Sale of surveillance equipment to Egypt: Paris Prosecutor opens a judicial investigation

Paris, 22 December 2017 – Following a request by FIDH and the LDH, with the support of the Cairo Institute for Human Rights Studies (CIHRS), that an investigation be opened into the sale of surveillance equipment by a French company to Egypt, the Crimes Against Humanity Division of the Paris Prosecutor’s office has just opened a formal judicial investigation. By shedding light on the contract concluded between the authoritarian Al Sissi regime and Nexa Technologies (ex Amesys), and its consequences, the investigation could lead to charges being brought for complicity to torture and enforced disappearances. A step which sends a powerful signal for surveillance and weapons companies, as well as for the French authorities.

On 9 November 2017, FIDH and the LDH, with the support of CIHRS, an FIDH member organisation, filed a complaint relating to the potential role - via the sale of surveillance technology - of the French company Amesys (renamed Nexa Technologies) in widespread oppression under the Al Sissi regime in Egypt. This complaint came on the heels of revelations published on 5 July 2017 by Télérama journalist Olivier Tesquet, and an initial complaint filed in 2011 by FIDH and the LDH relating to the sale of surveillance equipment by Amesys to Mohammed Gaddafi’s Libya.

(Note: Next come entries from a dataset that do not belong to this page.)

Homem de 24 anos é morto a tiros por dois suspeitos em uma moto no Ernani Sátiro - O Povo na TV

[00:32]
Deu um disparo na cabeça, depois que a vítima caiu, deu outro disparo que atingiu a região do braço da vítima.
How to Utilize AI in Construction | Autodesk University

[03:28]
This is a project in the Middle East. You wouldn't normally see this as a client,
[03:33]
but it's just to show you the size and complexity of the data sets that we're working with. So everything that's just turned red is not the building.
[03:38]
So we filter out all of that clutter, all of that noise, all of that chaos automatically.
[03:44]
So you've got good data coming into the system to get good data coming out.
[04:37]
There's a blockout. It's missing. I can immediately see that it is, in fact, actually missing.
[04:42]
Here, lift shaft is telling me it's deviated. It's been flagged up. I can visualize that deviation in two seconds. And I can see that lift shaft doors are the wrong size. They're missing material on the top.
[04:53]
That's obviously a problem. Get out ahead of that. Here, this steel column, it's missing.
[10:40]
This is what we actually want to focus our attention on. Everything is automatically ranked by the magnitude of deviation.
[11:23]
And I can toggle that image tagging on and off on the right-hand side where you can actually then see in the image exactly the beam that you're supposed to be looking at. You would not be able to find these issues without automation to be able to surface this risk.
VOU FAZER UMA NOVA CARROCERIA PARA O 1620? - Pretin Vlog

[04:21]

By opening a judicial investigation, the Paris Prosecutor acknowledges the gravity of the allegations, giving Egyptian victims the opportunity to become civil parties to the case and testify in France as well as enabling FIDH and the LDH to become civil parties. In 2013, Libyan victims of the Gaddafi regime, assisted by FIDH and the LDH, came to testify before the French investigative judges in the first Amesys case. Since May 2017, the company has been placed under the status of “assisted witness” (témoin assisté) for complicity to acts of torture committed in Libya between 2007 and 2011.

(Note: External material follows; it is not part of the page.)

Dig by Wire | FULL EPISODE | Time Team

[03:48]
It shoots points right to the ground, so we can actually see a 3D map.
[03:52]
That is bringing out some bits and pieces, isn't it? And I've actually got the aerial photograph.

‘Despite the existence of the Libya investigation, the sale of surveillance equipment allowing authoritarian regimes to strengthen their oppressive arsenal has continued casually and cynically as if nothing had happened. Business as usual! With the complicity of public bodies responsible for overseeing and monitoring exports of dual-use goods, who in reality do not seem to scrutinise the harmful consequences and human rights violations of these sales’, deplored Michel Tubiana, Lawyer and Honorary President of the LDH.

This new investigation should shed light on the nature of the contract signed between Nexa Technologies and the Al Sissi regime, its execution and its consequences for Egyptian human rights defenders and civil society activists. Today, the country counts tens of thousands of political prisoners in detention, who are habitually exposed to torture, inhumane detention conditions and unfair trials.

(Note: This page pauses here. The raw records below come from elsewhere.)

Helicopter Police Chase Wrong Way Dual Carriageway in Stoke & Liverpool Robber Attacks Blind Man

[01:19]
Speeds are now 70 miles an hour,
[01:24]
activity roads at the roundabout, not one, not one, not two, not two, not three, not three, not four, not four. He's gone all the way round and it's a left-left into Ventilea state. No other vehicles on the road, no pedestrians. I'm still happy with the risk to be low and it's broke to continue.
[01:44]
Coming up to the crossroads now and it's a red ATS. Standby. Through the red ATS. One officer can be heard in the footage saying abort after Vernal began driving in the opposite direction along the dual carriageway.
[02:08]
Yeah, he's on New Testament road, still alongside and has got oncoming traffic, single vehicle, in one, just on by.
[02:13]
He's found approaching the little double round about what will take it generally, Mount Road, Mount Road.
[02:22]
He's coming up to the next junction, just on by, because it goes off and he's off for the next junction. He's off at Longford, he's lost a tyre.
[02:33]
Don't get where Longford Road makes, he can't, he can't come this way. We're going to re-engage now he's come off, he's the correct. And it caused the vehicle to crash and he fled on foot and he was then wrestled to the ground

‘Currently, there are more than 40,000 peaceful political prisoners in detention in Egypt. The protestors who breathed life into hopes of freedom at Tahir Square are wasting away in prison! And yet, companies profit while people’s aspirations for a better life are trampled by the regime”, regretted bitterly Bahey Eldin Hassan, Director of the Cairo Institute for Human Rights Studies.

‘By selling surveillance equipment and arms to Egypt and the Middle East, French companies are making unprecedented levels of sales. What the authorities do not want to see, since they tolerate and even encourage these sales, is that these regimes obviously make use of their purchases! In Egypt, the government uses this equipment to track, imprison and torture opponents who dare to demand more freedom and respect for the rule of law. This deadly and criminal business must stop and justice exists to recall this’, noted Patrick Baudouin, Lawyer and Honorary FIDH President.